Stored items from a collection
%%

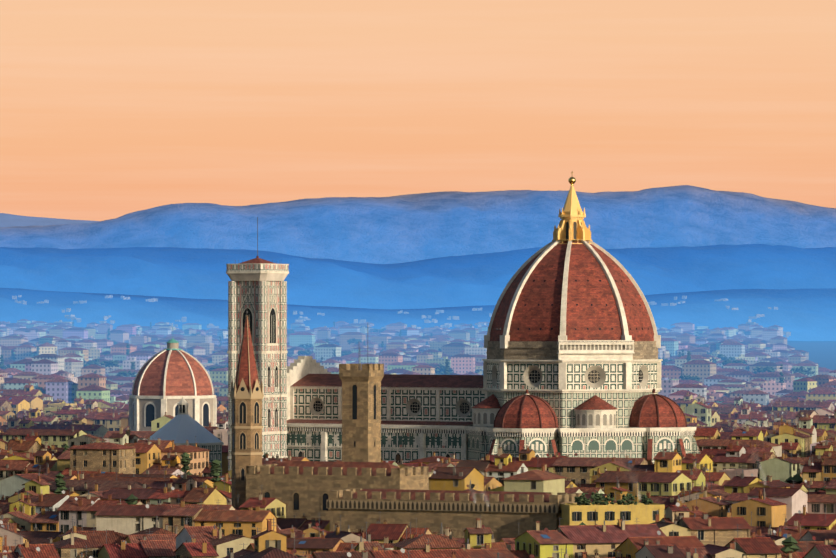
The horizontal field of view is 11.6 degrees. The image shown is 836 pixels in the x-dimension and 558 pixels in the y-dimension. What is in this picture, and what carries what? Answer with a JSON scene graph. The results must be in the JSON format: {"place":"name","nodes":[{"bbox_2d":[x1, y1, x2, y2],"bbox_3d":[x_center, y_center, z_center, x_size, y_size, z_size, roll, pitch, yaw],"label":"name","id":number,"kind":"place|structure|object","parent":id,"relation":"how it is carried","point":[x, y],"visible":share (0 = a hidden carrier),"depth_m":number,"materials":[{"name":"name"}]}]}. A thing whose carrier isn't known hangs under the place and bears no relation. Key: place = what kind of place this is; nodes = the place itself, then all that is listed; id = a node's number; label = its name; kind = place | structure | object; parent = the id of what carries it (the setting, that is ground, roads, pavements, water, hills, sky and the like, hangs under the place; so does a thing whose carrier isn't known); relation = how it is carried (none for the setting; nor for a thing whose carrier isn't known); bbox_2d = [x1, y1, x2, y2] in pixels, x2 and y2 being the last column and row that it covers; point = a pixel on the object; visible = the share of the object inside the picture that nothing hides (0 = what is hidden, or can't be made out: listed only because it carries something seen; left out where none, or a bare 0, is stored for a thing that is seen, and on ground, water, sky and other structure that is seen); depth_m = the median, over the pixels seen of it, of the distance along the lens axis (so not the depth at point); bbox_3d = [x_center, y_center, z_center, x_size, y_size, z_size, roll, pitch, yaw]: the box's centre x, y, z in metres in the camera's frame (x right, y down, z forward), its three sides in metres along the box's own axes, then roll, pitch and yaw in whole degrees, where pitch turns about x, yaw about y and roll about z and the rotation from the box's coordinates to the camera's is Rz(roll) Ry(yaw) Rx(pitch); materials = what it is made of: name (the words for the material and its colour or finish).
{"place":"outdoors","nodes":[
{"label":"outdoors","id":0,"kind":"place"},
{"bbox_2d":[0,213,98,226],"bbox_3d":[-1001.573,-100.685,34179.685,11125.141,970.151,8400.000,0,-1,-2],"label":"hill range","id":1,"kind":"structure","parent":0,"point":[9,220],"depth_m":34302.33,"materials":[{"name":"blue"}]},
{"bbox_2d":[42,337,766,506],"bbox_3d":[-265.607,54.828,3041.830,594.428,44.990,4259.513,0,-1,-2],"label":"houses","id":2,"kind":"structure","parent":0,"point":[473,485],"depth_m":1009.17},
{"bbox_2d":[0,244,835,308],"bbox_3d":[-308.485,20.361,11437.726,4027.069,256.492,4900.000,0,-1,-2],"label":"hill","id":3,"kind":"structure","parent":0,"point":[439,282],"depth_m":10355.90,"materials":[{"name":"blue"}]},
{"bbox_2d":[0,288,835,340],"bbox_3d":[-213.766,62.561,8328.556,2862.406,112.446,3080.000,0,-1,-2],"label":"hill","id":4,"kind":"structure","parent":0,"point":[804,314],"depth_m":7559.57,"materials":[{"name":"blue"}]},
{"bbox_2d":[12,295,790,336],"bbox_3d":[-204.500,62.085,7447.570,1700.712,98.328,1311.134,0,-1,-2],"label":"hillside houses","id":5,"kind":"structure","parent":4,"relation":"on","point":[301,319],"depth_m":7398.35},
{"bbox_2d":[0,380,835,477],"bbox_3d":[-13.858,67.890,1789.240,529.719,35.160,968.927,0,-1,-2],"label":"houses","id":6,"kind":"structure","parent":0,"point":[32,419],"depth_m":1672.56,"materials":[{"name":"tile"}]},
{"bbox_2d":[0,0,835,220],"label":"sky","id":7,"kind":"structure","parent":0,"point":[110,109],"materials":[{"name":"orange"}]},
{"bbox_2d":[787,341,835,369],"bbox_3d":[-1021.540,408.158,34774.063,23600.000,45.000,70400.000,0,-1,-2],"label":"ground","id":8,"kind":"structure","parent":0,"point":[822,354],"depth_m":5875.14,"materials":[{"name":"blue"}]},
{"bbox_2d":[129,338,216,430],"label":"domed chapel","id":9,"kind":"structure","parent":8,"relation":"on","point":[170,376],"depth_m":1625.39,"materials":[{"name":"tile"}]},
{"bbox_2d":[146,396,223,475],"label":"baptistery","id":10,"kind":"structure","parent":8,"relation":"on","point":[181,427],"depth_m":1409.21,"materials":[{"name":"stone"}]},
{"bbox_2d":[230,311,263,507],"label":"church steeple","id":11,"kind":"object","parent":8,"relation":"on","point":[246,394],"visible":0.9,"depth_m":1021.09,"materials":[{"name":"stone"}]},
{"bbox_2d":[226,217,288,470],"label":"campanile","id":12,"kind":"structure","parent":8,"relation":"on","point":[257,288],"depth_m":1358.65,"materials":[{"name":"stone"}]},
{"bbox_2d":[0,321,814,384],"bbox_3d":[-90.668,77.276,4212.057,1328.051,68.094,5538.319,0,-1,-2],"label":"buildings","id":13,"kind":"structure","parent":8,"relation":"on","point":[446,369],"depth_m":3637.09,"materials":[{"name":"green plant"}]},
{"bbox_2d":[246,364,581,541],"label":"fortress palace","id":14,"kind":"structure","parent":8,"relation":"on","point":[358,486],"depth_m":993.49,"materials":[{"name":"brown stone"}]},
{"bbox_2d":[0,424,835,554],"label":"houses","id":15,"kind":"structure","parent":8,"relation":"on","point":[162,486],"depth_m":1038.15,"materials":[{"name":"tile"}]},
{"bbox_2d":[0,185,835,263],"bbox_3d":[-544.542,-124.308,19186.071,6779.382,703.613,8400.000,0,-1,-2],"label":"mountain range","id":16,"kind":"structure","parent":8,"relation":"on","point":[400,228],"depth_m":17747.79,"materials":[{"name":"blue"}]},
{"bbox_2d":[0,319,835,405],"bbox_3d":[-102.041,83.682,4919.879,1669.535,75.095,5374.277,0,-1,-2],"label":"city","id":17,"kind":"object","parent":8,"relation":"on","point":[26,354],"visible":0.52,"depth_m":4044.87},
{"bbox_2d":[0,493,835,557],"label":"houses","id":18,"kind":"structure","parent":8,"relation":"on","point":[677,532],"depth_m":769.22,"materials":[{"name":"tile"}]},
{"bbox_2d":[54,437,825,557],"bbox_3d":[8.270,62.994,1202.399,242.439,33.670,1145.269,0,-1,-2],"label":"houses","id":19,"kind":"structure","parent":8,"relation":"on","point":[120,459],"depth_m":933.77,"materials":[{"name":"stucco"},{"name":"tile"},{"name":"stone"}]},
{"bbox_2d":[287,177,700,464],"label":"cathedral","id":20,"kind":"structure","parent":8,"relation":"on","point":[572,361],"depth_m":1320.06,"materials":[{"name":"stone"}]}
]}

%%

→ **Directions**:
Retype all of the data above word for word, excluding the pictures.

→ **Problem solution**:
The horizontal field of view is 11.6 degrees. The image shown is 836 pixels in the x-dimension and 558 pixels in the y-dimension. What is in this picture, and what carries what? Answer with a JSON scene graph. The results must be in the JSON format: {"place":"name","nodes":[{"bbox_2d":[x1, y1, x2, y2],"bbox_3d":[x_center, y_center, z_center, x_size, y_size, z_size, roll, pitch, yaw],"label":"name","id":number,"kind":"place|structure|object","parent":id,"relation":"how it is carried","point":[x, y],"visible":share (0 = a hidden carrier),"depth_m":number,"materials":[{"name":"name"}]}]}. A thing whose carrier isn't known hangs under the place and bears no relation. Key: place = what kind of place this is; nodes = the place itself, then all that is listed; id = a node's number; label = its name; kind = place | structure | object; parent = the id of what carries it (the setting, that is ground, roads, pavements, water, hills, sky and the like, hangs under the place; so does a thing whose carrier isn't known); relation = how it is carried (none for the setting; nor for a thing whose carrier isn't known); bbox_2d = [x1, y1, x2, y2] in pixels, x2 and y2 being the last column and row that it covers; point = a pixel on the object; visible = the share of the object inside the picture that nothing hides (0 = what is hidden, or can't be made out: listed only because it carries something seen; left out where none, or a bare 0, is stored for a thing that is seen, and on ground, water, sky and other structure that is seen); depth_m = the median, over the pixels seen of it, of the distance along the lens axis (so not the depth at point); bbox_3d = [x_center, y_center, z_center, x_size, y_size, z_size, roll, pitch, yaw]: the box's centre x, y, z in metres in the camera's frame (x right, y down, z forward), its three sides in metres along the box's own axes, then roll, pitch and yaw in whole degrees, where pitch turns about x, yaw about y and roll about z and the rotation from the box's coordinates to the camera's is Rz(roll) Ry(yaw) Rx(pitch); materials = what it is made of: name (the words for the material and its colour or finish).
{"place":"outdoors","nodes":[
{"label":"outdoors","id":0,"kind":"place"},
{"bbox_2d":[0,213,98,226],"bbox_3d":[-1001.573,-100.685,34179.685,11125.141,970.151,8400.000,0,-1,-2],"label":"hill range","id":1,"kind":"structure","parent":0,"point":[9,220],"depth_m":34302.33,"materials":[{"name":"blue"}]},
{"bbox_2d":[42,337,766,506],"bbox_3d":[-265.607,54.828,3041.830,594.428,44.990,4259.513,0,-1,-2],"label":"houses","id":2,"kind":"structure","parent":0,"point":[473,485],"depth_m":1009.17},
{"bbox_2d":[0,244,835,308],"bbox_3d":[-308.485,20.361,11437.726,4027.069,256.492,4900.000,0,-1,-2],"label":"hill","id":3,"kind":"structure","parent":0,"point":[439,282],"depth_m":10355.90,"materials":[{"name":"blue"}]},
{"bbox_2d":[0,288,835,340],"bbox_3d":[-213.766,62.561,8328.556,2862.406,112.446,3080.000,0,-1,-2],"label":"hill","id":4,"kind":"structure","parent":0,"point":[804,314],"depth_m":7559.57,"materials":[{"name":"blue"}]},
{"bbox_2d":[12,295,790,336],"bbox_3d":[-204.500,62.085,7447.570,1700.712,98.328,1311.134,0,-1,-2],"label":"hillside houses","id":5,"kind":"structure","parent":4,"relation":"on","point":[301,319],"depth_m":7398.35},
{"bbox_2d":[0,380,835,477],"bbox_3d":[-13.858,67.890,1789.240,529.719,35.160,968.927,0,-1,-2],"label":"houses","id":6,"kind":"structure","parent":0,"point":[32,419],"depth_m":1672.56,"materials":[{"name":"tile"}]},
{"bbox_2d":[0,0,835,220],"label":"sky","id":7,"kind":"structure","parent":0,"point":[110,109],"materials":[{"name":"orange"}]},
{"bbox_2d":[787,341,835,369],"bbox_3d":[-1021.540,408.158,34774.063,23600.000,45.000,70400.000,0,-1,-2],"label":"ground","id":8,"kind":"structure","parent":0,"point":[822,354],"depth_m":5875.14,"materials":[{"name":"blue"}]},
{"bbox_2d":[129,338,216,430],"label":"domed chapel","id":9,"kind":"structure","parent":8,"relation":"on","point":[170,376],"depth_m":1625.39,"materials":[{"name":"tile"}]},
{"bbox_2d":[146,396,223,475],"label":"baptistery","id":10,"kind":"structure","parent":8,"relation":"on","point":[181,427],"depth_m":1409.21,"materials":[{"name":"stone"}]},
{"bbox_2d":[230,311,263,507],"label":"church steeple","id":11,"kind":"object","parent":8,"relation":"on","point":[246,394],"visible":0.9,"depth_m":1021.09,"materials":[{"name":"stone"}]},
{"bbox_2d":[226,217,288,470],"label":"campanile","id":12,"kind":"structure","parent":8,"relation":"on","point":[257,288],"depth_m":1358.65,"materials":[{"name":"stone"}]},
{"bbox_2d":[0,321,814,384],"bbox_3d":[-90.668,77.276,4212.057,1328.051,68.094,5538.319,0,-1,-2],"label":"buildings","id":13,"kind":"structure","parent":8,"relation":"on","point":[446,369],"depth_m":3637.09,"materials":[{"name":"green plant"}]},
{"bbox_2d":[246,364,581,541],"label":"fortress palace","id":14,"kind":"structure","parent":8,"relation":"on","point":[358,486],"depth_m":993.49,"materials":[{"name":"brown stone"}]},
{"bbox_2d":[0,424,835,554],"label":"houses","id":15,"kind":"structure","parent":8,"relation":"on","point":[162,486],"depth_m":1038.15,"materials":[{"name":"tile"}]},
{"bbox_2d":[0,185,835,263],"bbox_3d":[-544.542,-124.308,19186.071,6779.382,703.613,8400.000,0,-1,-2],"label":"mountain range","id":16,"kind":"structure","parent":8,"relation":"on","point":[400,228],"depth_m":17747.79,"materials":[{"name":"blue"}]},
{"bbox_2d":[0,319,835,405],"bbox_3d":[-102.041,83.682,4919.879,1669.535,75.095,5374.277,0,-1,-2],"label":"city","id":17,"kind":"object","parent":8,"relation":"on","point":[26,354],"visible":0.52,"depth_m":4044.87},
{"bbox_2d":[0,493,835,557],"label":"houses","id":18,"kind":"structure","parent":8,"relation":"on","point":[677,532],"depth_m":769.22,"materials":[{"name":"tile"}]},
{"bbox_2d":[54,437,825,557],"bbox_3d":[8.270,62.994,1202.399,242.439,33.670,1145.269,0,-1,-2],"label":"houses","id":19,"kind":"structure","parent":8,"relation":"on","point":[120,459],"depth_m":933.77,"materials":[{"name":"stucco"},{"name":"tile"},{"name":"stone"}]},
{"bbox_2d":[287,177,700,464],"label":"cathedral","id":20,"kind":"structure","parent":8,"relation":"on","point":[572,361],"depth_m":1320.06,"materials":[{"name":"stone"}]}
]}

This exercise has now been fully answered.